TRIBUNNEWS.COM, JAKARTA - Badan Penyelenggara Jaminan Produk Halal (BPJPH) Kementerian Agama akan terus melakukan terus mengalami perbaikan dalam sertifikasi halal.
Lembaga ini juga akan mengintegrasikan dan literasi digital bagi pelaku usaha membuat pengurusan sertifikat halal semakin mudah.
"Pelayanan sertifikasi halal kita ini sudah mulai berbasis elektronik digitalisasi bahkan terintegrasi dengan Lembaga Pemeriksa Halal (LPH)," kata Kepala Badan Penyelenggara Jaminan Produk Halal (BPJPH) Kementerian Agama Muhammad Aqil Irham saat wawancara eksklusif dengan Tribun Network, Selasa (15/3).

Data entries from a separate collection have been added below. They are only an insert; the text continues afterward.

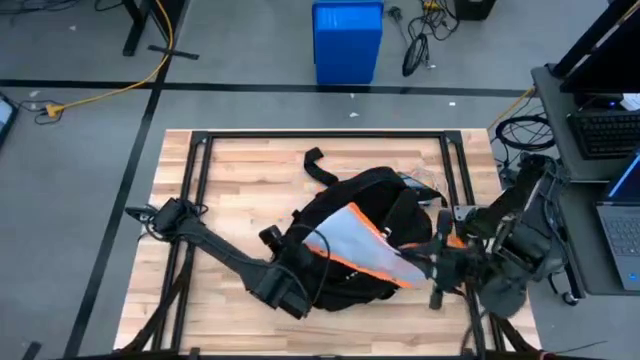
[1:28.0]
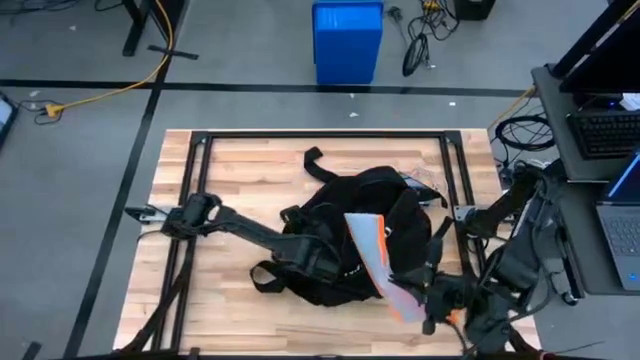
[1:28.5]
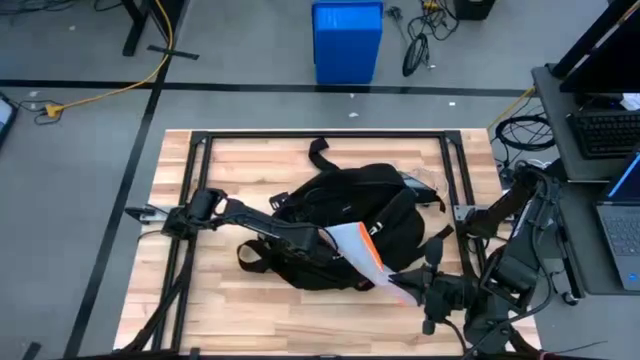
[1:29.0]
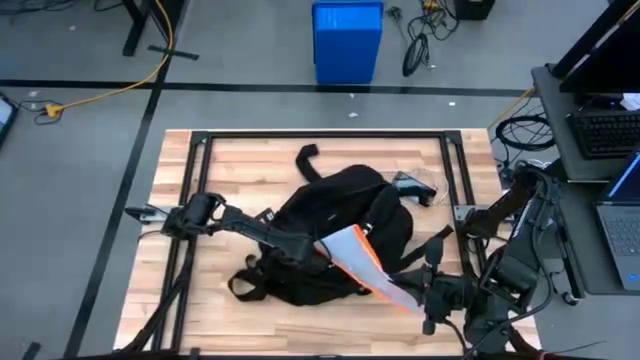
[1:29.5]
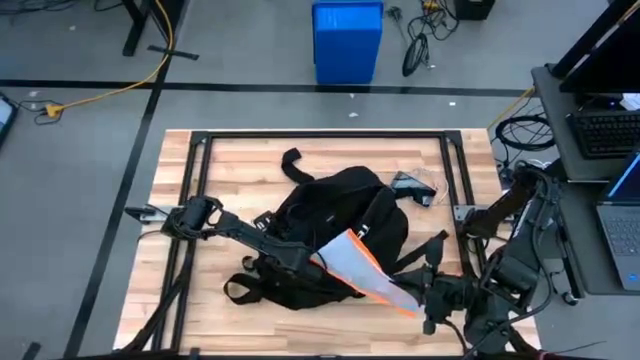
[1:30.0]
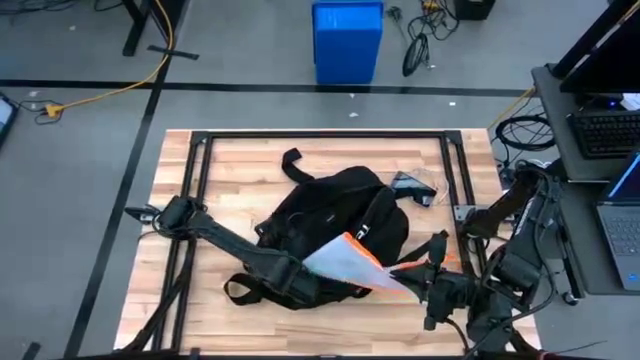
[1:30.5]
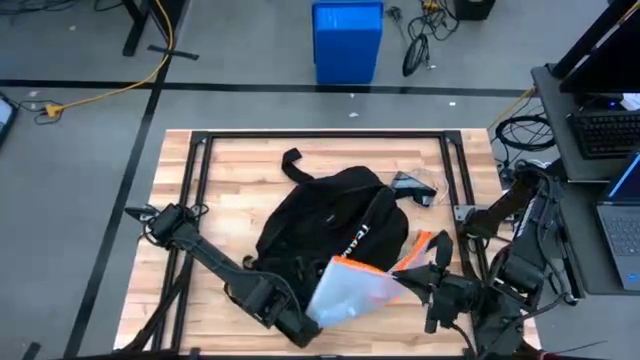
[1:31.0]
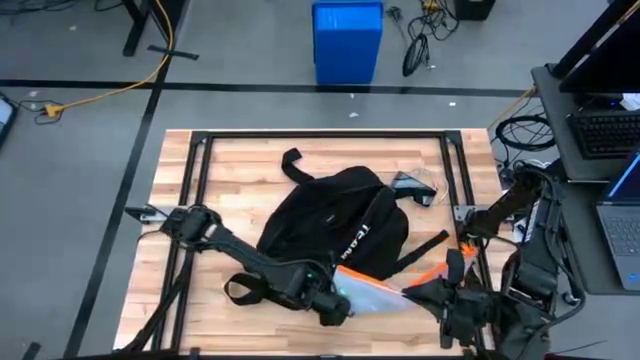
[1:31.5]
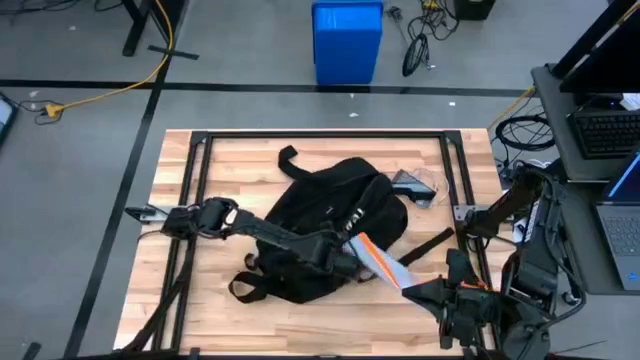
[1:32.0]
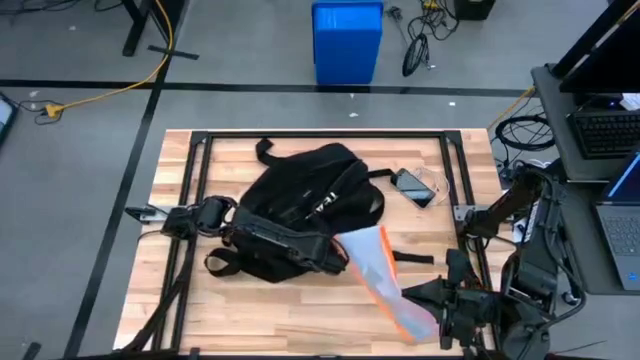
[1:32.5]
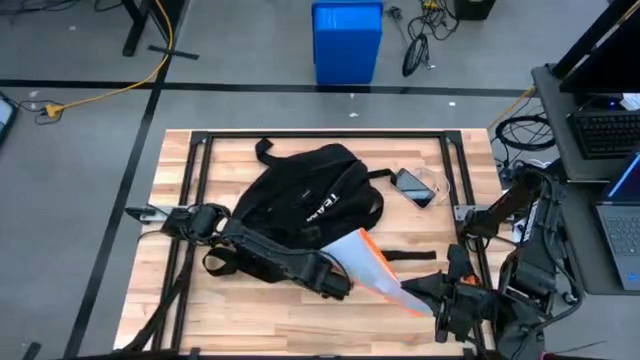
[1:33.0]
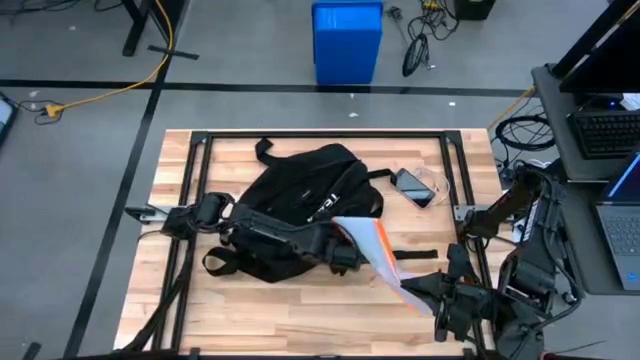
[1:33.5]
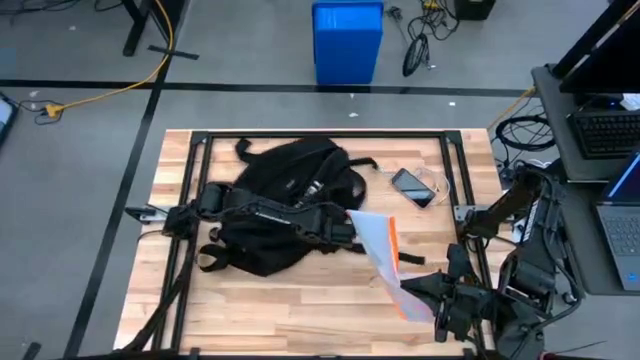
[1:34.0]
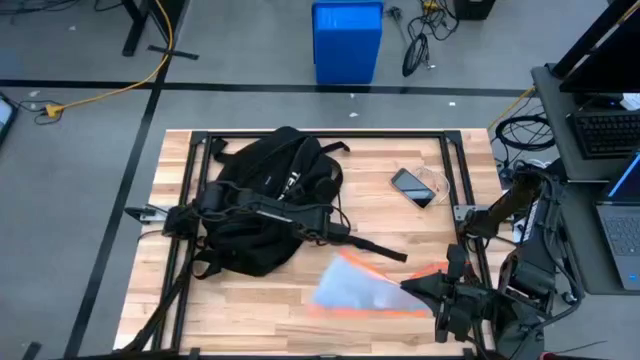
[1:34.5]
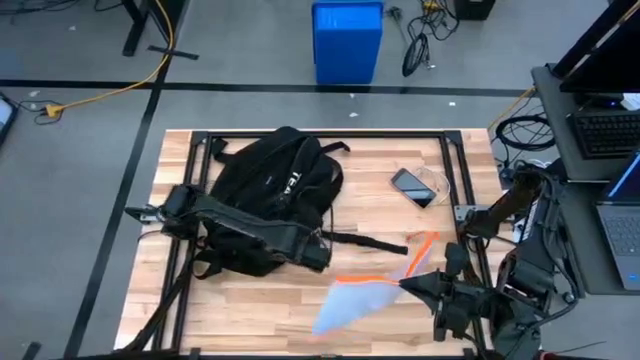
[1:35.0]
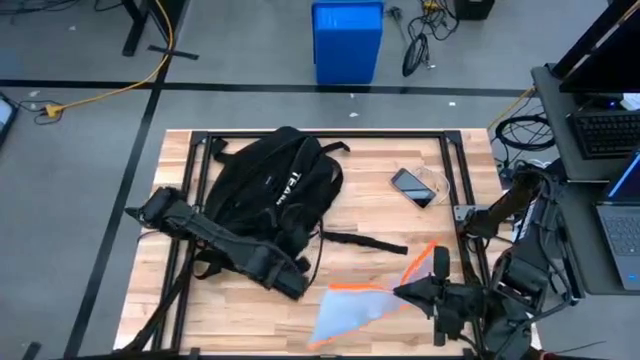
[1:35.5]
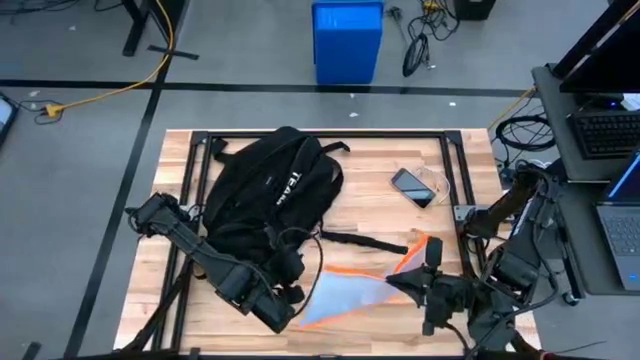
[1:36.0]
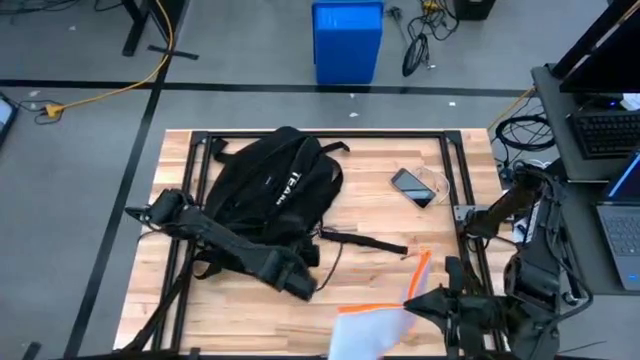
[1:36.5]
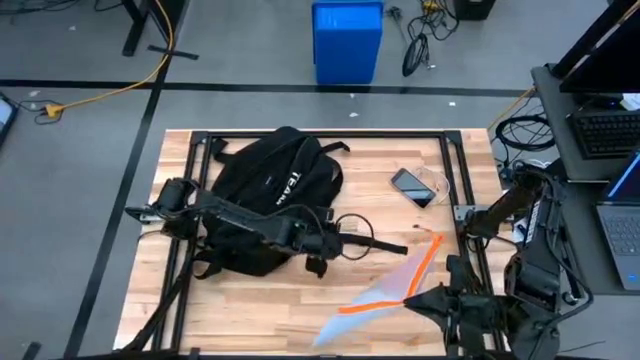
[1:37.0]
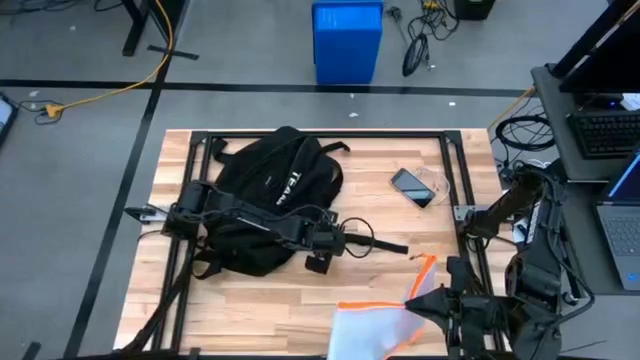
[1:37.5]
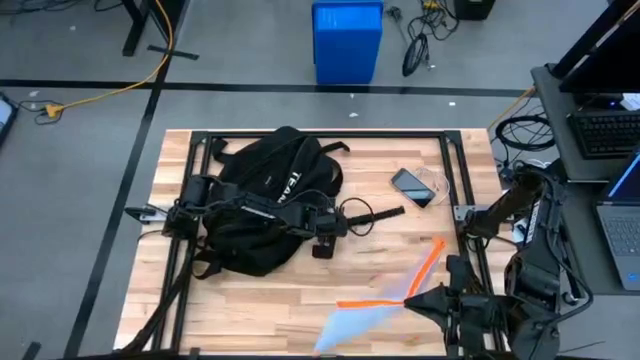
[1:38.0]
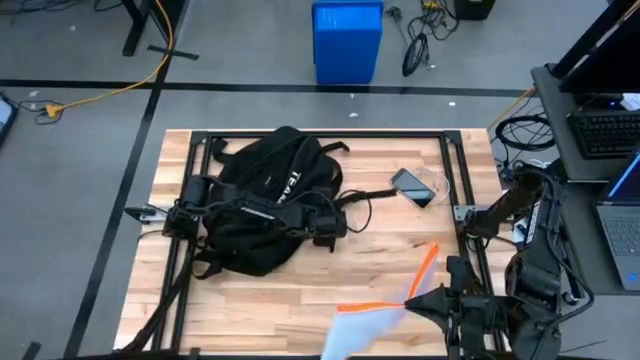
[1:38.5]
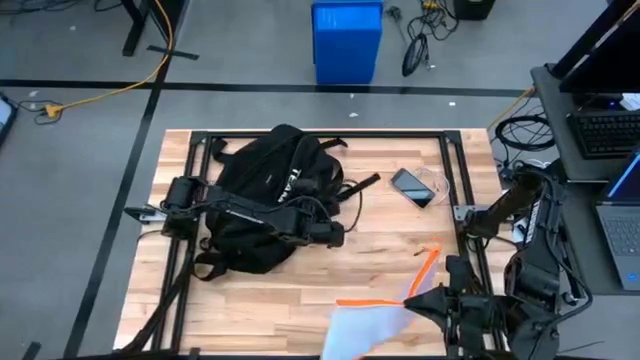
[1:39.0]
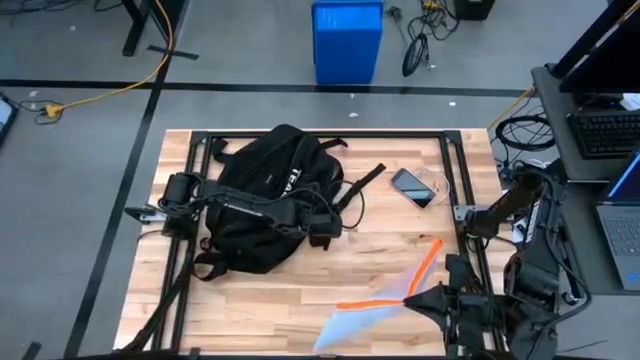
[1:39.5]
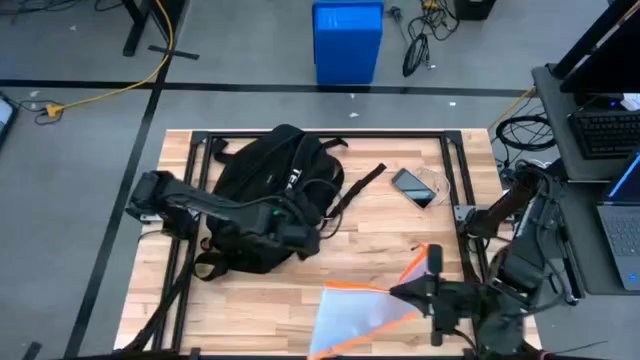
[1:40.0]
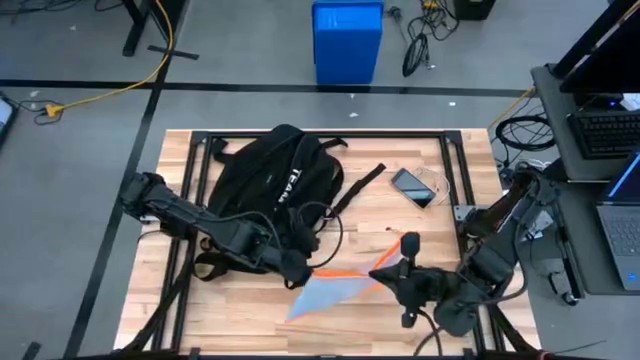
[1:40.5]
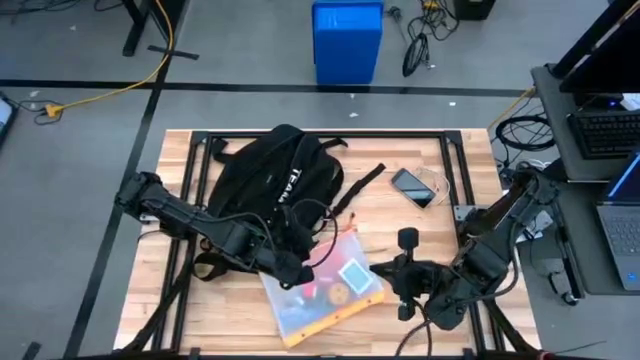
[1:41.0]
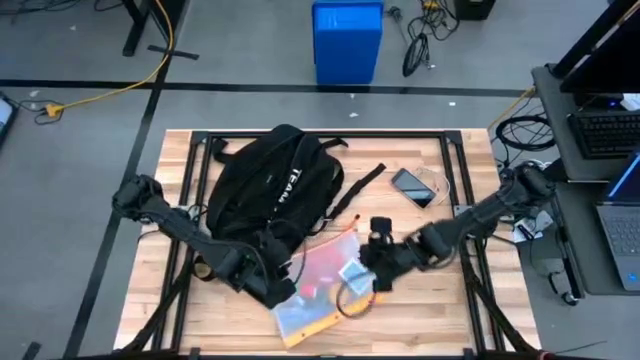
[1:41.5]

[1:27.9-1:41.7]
Task: Unpack backpack
Remove the zip bag from the black backpack

Menurutnya, BPJPH semakin mengoptimalkan pelayanan di website dan mobile apps sehingga pelaku usaha bisa dengan mudah melakukan sertifikasi produk.

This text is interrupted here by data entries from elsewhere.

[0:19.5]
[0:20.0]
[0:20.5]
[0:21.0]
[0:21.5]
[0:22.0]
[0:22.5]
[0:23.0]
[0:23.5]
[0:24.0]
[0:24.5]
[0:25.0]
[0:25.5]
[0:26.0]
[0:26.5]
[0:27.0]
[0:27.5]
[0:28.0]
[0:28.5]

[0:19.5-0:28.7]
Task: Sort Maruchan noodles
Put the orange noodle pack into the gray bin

Selengkapnya wawancara eksklusif Direktur Pemberitaan Tribun Network Febby Mahendra Putra dengan Kepala BPJPH Muhammad Aqil Irham:
Sejak kapan BPJPH mengambill alih peran Majelis Ulama Indonesia (MUI) dalam menerbitkan sertifikasi halal?
Saya harus klarifikasi bahwa BPJPH tidak mengambil alih tetapi pemerintah menerbitkan UU Nomor 33 Tahun 2014 tentang jaminan produk halal.Namun bukan berarti BPJPH langsung ada pada saat itu, tiga tahun setelahnya BPJPH baru terbentuk di bawah Kementerian Agama.
Barulah di tahun 2019, BPJPH resmi diberi mandat untuk melakukan sertifikasi halal secara total. Di dalam proses sertifikasi BPJPH pun tidak sendiri.
BPJPH bersama Lembaga Pemeriksa Halal (LPH) dan Majelis Ulama Indonesia (MUI).
Baca juga: Kepala BPJPH: Logo Halal yang Baru Kombinasi Antara Nilai Budaya Indonesia dan Keislaman
Ketiga aktor ini memiliki wilayah garapan masing-masing yang tidak bisa tumpang tindih. BPJPH wilayah administratif, LPH wilayah saintifik dan kajian para ahli, serta MUI menjalankan fungsi keagamaan.
Kerja BPJPH dikuatkan dengan terbitnya Peraturan Pemerintah PP Nomor 39 Tahun 2021 tanggal 02 Februari 2021 tentang Penyelenggaraan Bidang Jaminan Produk Halal.
Apakah BPJPH ada di seluruh wilayah Indonesia?
Ya, BPJPH ini satuan kerja eselon satu Kementerian Agama. Di setiap daerah kita punya.Tetapi pelayanan sertifikasi halal kita ini sudah mulai berbasis elektronik digitalisasi bahkan terintegrasi dengan LPH. Kita juga mengoptimalkan pelayanan sertifikasi di website dan mobile apps sehingga pelaku usaha
bisa dengan mudah melakukan sertifikasi produk.
Target untuk keluarnya satu sertifikat halal untuk satu permohonan berapa lama?
Kalau sesuai ketentuan dengan adanya dengan UU Cipta Kerja memang sertifikat itu bisa keluar paling lama 21 hari kerja. Sebelumnya dalam UU JPH proses sertifikasi halal produk dalam negeri membutuhkan waktu selama 97 hari kerja dan sertifikasi halal produk luar negeri selama 117 hari kerja.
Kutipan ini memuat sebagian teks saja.